Бледный бутафорский дым вьется вокруг палаток, приглушая крики и портя видимость. Проезжаю мимо двух пустых ангаров, думая, что должен их узнать, но не узнаю – я вдруг оказался на совершенно другой войне, передо мной новый пейзаж разрушений. Здесь падают бомбы или, может, гранаты. Снаряды влетают на дорогу, точно крылатые ракеты из старых военных фильмов, ударяются о землю и через долю секунды взрываются. У этой войны есть чувство драматизма. Фальшивка. (Шрапнель пробивает дыру в боку моего джипа.) Я пригибаюсь как можно ниже и обнаруживаю на полу джипа компас. Он не входит в стандартный комплект, так что благослови Бог того погибшего солдата и его бабушку, приславшую внуку старый компас мужа, с какой бы войны он ни был. Спасибо, Гуди Халабалу, и простите, что я наступил на вашего мальчика, мне очень жаль, что его застрелили, а меня нет. Я объезжаю огромный кратер, набираю скорость и, пробив баррикаду, влетаю в восточный сектор лагеря. Мортиры больше не палят, их будто выключили.
Еду дальше. В покое чувствуется что-то неладное. Я начинаю хихикать, смех громко бьет по ушам. Может, я оглох от мортир и теперь слышу только собственный голос? Выжимаю газ, прислушиваюсь к реву двигателя. Очень громкий. И тут наконец-то появляются враги. Я хотел убедиться, что мы оказались на необычной войне, – и вот, пожалуйста, убедился. Наши враги – не люди. Тени. Воплощения Потустороннего мира.
Они выходят из дыма, сливаются друг с другом, тают и исчезают. Я вижу глаза, слышу дыхание, грубую речь на вражеском языке (язык звучит незнакомо, может его вовсе не существует, просто такие звуки должен издавать неприятель) и клацанье затворов, а потом шквал пуль разрывает джип на части, и я прячусь за ним, цепляясь за совершенно никчемный пистолет и ожидая, что меня наконец-то (и окончательно) пристрелят.

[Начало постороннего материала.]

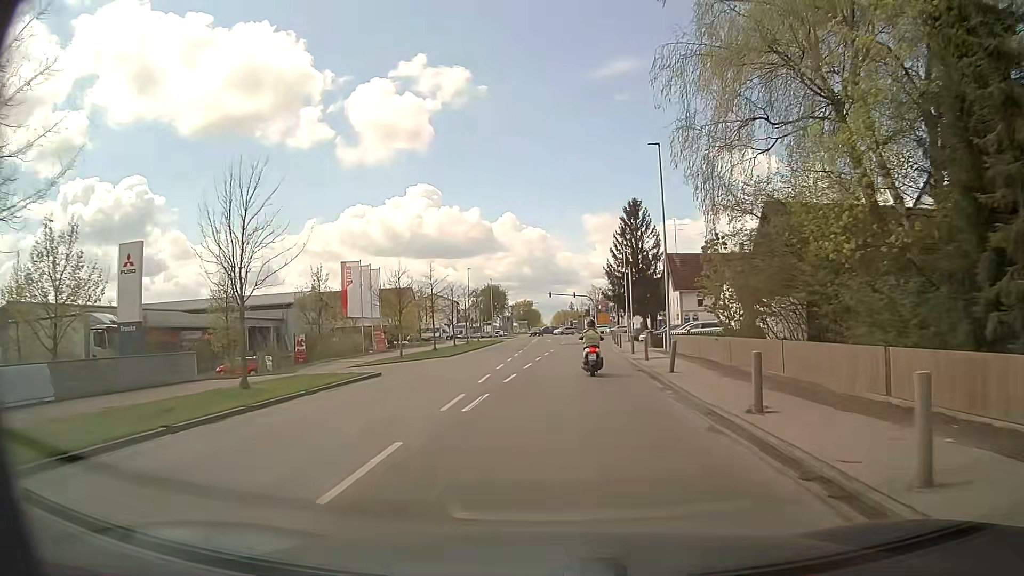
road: secondary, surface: asphalt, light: Day
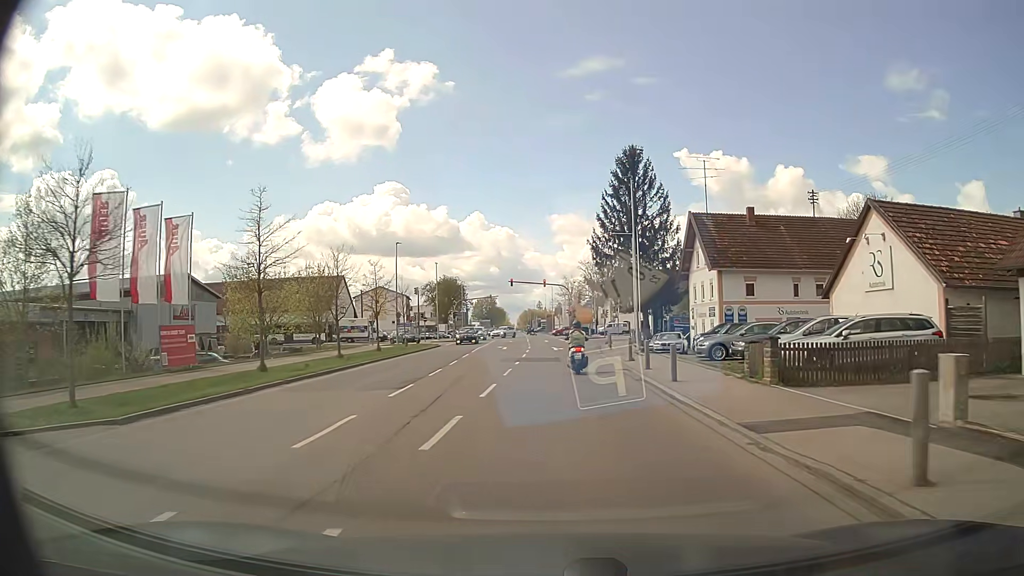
(+0.7, +27.6) m; +3°
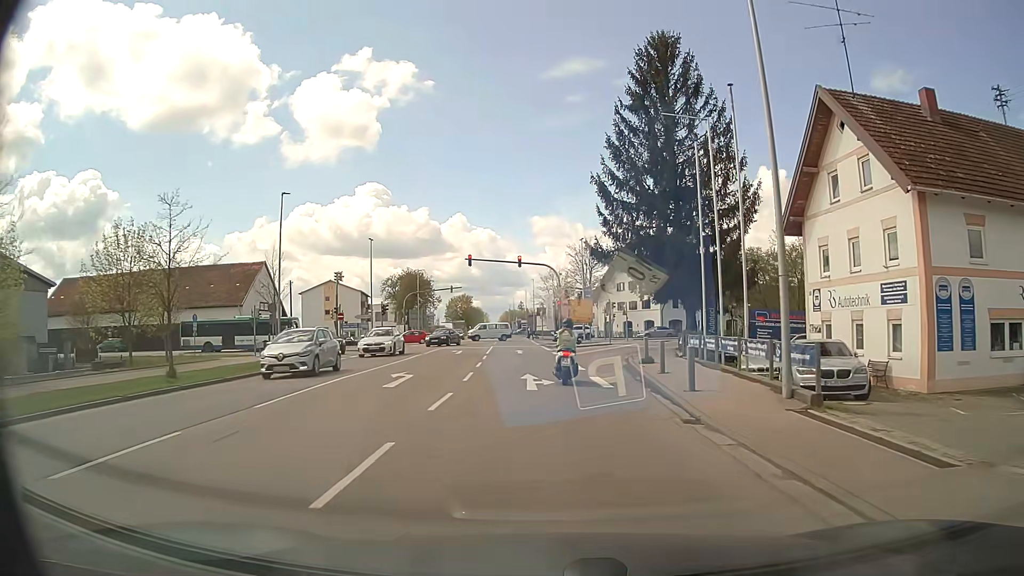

Не пристреливают. Палят в джип, снова и снова. Ронни Чжан потряс бы головой и заявил, что тачку «безнадежно отпетушили в задний проход, и не чирикай, что петушат только в зад. Старый злой вояка знает и другие гнусные способы – лучше верь и моли Бога, чтобы я не начал показывать». Враги приближаются.
Они осторожны. Они не спешат и скоро меня найдут. Они двигаются к цели, будто играя в классики, – каждый на секунду замирает в укрытии, затем мчится вперед. Это слышно по звуку их шагов:
Джип Хепсоба открывает пулеметный огонь. Как сюда попали мои друзья, как меня нашли – загадка. Конечно, они могли просто уезжать из лагеря по главной дороге, но что привело их сюда именно сейчас, навсегда останется для меня тайной. Он стоит на пулеметной площадке фургона, в котором мы с Ли ездили на свидание. Рядом в маленьком танке едут Батист Вазиль и тощий парень из санитарной службы. Они спорят о преимуществах и недостатках французских танков, не забывая при этом решетить воздух дружественным пулеметным огнем и расчищать дорогу. Несколько лет назад их действия сочли бы противоправными. Открывать огонь из оружия пятидесятого калибра по людям было запрещено Женевскими конвенциями. Иначе говоря, если вы хотите убить кого-то из такого оружия (например, из снайперской винтовки «Баррет», теперь состоящей на вооружении морской пехоты и коммандос), сперва подстрелите его машину, чтобы она взорвалась. Это достойный способ убить человека, а просто снести ему голову – уже военное преступление. Когда я учился в Джарндисе, этот очаровательный пример старомодного рыцарства решили исключить из военных законов, против чего я выступал на демонстрациях и о чем меня подробно расспрашивал Джордж Лурдес Копсен (ныне покойный), когда я сидел на электрическом стуле. Теперь я с упоением чувствую, как воздух пульсирует от негуманных пуль, потому что без них я бы уже умер.
Тени оседают на землю и ныряют в укрытия. Фургоном Джима Хепсобы управляет Энни Бык, Гонзо ведет второй. Ли сидит рядом, крепко вцепившись в дробовик. Она подстреливает пару-тройку вражеских солдат и яростно рычит. В какой-то миг я могу поклясться, что вижу за ее спиной ангельские крылья. Моя любимая. Моя свирепая, губительная красотка. Один из нас должен быть опасен. Я так горд, что это она.